◆ What to do
Find the line that contains "I need the 3-D box of the radiator". Repeat that line and all lines following it, exactly, through the end of the listing below.

◆ Supplied material
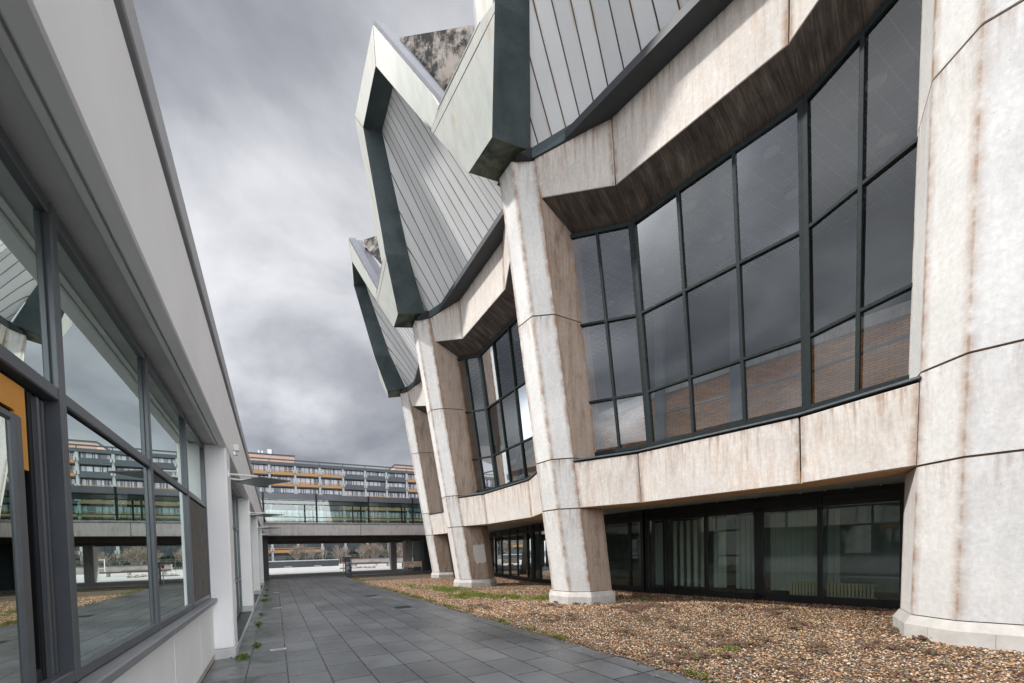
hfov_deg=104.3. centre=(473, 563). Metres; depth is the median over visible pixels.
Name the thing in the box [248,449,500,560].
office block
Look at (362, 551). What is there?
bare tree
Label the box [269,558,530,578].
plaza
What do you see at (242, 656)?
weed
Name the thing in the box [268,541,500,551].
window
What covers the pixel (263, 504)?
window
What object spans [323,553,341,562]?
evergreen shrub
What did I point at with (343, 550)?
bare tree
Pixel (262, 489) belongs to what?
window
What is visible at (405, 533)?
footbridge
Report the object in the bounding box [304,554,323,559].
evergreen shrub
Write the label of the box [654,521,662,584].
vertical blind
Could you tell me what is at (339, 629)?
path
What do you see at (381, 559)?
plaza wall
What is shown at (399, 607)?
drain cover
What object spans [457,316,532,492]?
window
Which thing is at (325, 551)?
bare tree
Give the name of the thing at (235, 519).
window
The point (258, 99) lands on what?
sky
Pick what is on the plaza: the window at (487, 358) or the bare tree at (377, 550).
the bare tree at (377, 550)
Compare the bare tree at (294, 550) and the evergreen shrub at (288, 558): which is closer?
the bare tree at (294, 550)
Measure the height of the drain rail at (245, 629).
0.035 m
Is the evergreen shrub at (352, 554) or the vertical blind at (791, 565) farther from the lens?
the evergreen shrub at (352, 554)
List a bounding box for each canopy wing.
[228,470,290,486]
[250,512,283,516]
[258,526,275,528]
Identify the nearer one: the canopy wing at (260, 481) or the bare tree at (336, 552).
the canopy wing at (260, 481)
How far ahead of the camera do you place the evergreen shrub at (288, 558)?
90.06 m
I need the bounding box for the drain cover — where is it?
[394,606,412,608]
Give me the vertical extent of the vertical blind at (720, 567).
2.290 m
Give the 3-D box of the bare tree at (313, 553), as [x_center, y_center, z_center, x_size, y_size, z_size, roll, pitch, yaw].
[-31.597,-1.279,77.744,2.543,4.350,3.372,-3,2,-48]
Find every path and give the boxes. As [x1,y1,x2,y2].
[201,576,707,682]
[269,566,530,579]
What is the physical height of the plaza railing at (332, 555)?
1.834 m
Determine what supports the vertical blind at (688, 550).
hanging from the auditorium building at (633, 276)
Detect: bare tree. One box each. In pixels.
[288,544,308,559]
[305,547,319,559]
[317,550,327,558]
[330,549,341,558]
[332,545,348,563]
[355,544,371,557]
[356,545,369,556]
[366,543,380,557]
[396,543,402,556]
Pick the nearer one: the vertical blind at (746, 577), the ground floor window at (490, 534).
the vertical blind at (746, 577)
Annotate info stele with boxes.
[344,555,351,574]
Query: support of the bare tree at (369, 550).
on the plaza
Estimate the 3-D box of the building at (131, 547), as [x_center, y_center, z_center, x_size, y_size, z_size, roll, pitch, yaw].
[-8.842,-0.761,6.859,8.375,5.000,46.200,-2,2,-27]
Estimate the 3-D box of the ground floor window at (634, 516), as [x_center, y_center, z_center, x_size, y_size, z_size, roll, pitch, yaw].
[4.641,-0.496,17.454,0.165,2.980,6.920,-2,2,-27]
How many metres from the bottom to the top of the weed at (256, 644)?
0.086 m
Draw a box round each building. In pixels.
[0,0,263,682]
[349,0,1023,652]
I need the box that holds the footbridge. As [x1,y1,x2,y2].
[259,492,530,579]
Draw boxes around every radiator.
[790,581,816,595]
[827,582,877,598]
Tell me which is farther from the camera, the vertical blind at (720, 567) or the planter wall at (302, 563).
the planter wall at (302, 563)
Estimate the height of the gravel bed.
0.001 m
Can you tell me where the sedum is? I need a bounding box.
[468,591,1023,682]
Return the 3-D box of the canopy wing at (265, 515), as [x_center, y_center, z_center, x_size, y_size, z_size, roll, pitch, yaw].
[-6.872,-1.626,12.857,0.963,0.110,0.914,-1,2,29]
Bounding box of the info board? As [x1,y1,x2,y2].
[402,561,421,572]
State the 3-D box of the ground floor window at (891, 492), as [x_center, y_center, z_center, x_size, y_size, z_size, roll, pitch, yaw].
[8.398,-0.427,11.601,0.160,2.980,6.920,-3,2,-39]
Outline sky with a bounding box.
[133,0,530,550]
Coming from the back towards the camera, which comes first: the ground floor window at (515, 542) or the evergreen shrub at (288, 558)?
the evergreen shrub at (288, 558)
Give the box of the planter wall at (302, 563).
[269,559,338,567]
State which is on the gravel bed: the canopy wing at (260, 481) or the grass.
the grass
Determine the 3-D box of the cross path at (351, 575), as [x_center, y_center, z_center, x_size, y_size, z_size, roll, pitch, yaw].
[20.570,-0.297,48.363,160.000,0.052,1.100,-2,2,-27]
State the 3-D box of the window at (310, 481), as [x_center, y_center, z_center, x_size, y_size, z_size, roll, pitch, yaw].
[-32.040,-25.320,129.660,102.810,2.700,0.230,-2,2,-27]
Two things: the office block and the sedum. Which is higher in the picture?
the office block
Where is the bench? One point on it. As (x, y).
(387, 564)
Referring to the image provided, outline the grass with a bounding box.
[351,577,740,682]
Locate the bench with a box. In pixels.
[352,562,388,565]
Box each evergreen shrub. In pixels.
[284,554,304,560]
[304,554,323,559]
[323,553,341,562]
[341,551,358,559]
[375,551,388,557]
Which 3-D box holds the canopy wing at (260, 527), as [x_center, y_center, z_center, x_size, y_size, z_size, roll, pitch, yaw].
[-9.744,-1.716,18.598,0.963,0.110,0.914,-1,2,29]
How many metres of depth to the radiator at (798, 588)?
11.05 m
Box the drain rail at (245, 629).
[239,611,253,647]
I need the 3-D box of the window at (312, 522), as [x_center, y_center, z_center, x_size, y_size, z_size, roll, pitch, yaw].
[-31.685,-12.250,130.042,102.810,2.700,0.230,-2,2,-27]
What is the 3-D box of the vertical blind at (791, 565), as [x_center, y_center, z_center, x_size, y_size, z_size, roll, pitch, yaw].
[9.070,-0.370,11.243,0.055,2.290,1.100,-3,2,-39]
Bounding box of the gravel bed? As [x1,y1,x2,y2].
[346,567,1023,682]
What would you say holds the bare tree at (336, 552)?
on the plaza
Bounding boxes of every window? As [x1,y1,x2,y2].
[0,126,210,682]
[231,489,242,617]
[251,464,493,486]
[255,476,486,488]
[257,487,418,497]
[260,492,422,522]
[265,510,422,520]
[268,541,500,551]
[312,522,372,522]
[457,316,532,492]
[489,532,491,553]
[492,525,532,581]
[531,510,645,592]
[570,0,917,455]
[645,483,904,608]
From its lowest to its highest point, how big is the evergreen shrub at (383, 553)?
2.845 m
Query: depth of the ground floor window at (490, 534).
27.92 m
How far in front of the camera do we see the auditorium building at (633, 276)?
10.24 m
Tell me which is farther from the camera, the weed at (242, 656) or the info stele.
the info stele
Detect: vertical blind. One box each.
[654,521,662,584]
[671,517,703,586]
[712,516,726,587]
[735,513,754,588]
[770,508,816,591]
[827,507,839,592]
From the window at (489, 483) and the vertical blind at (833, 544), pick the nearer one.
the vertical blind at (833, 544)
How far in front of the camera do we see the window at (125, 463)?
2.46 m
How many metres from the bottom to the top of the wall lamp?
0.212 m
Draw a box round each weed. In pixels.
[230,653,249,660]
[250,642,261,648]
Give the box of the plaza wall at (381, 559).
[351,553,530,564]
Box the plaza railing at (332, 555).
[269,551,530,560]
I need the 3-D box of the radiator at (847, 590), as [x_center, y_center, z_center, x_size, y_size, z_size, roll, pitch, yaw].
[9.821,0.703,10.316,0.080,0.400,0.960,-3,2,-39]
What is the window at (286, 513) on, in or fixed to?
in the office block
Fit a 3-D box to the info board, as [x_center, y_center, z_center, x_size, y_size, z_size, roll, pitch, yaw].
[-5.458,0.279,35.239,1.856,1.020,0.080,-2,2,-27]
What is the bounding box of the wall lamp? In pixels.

◆ Answer for this exercise
I need the 3-D box of the radiator at (847, 590), as [x_center, y_center, z_center, x_size, y_size, z_size, roll, pitch, yaw].
[9.821,0.703,10.316,0.080,0.400,0.960,-3,2,-39]
What is the window at (286, 513) on, in or fixed to?
in the office block
Fit a 3-D box to the info board, as [x_center, y_center, z_center, x_size, y_size, z_size, roll, pitch, yaw].
[-5.458,0.279,35.239,1.856,1.020,0.080,-2,2,-27]
What is the bounding box of the wall lamp? In pixels.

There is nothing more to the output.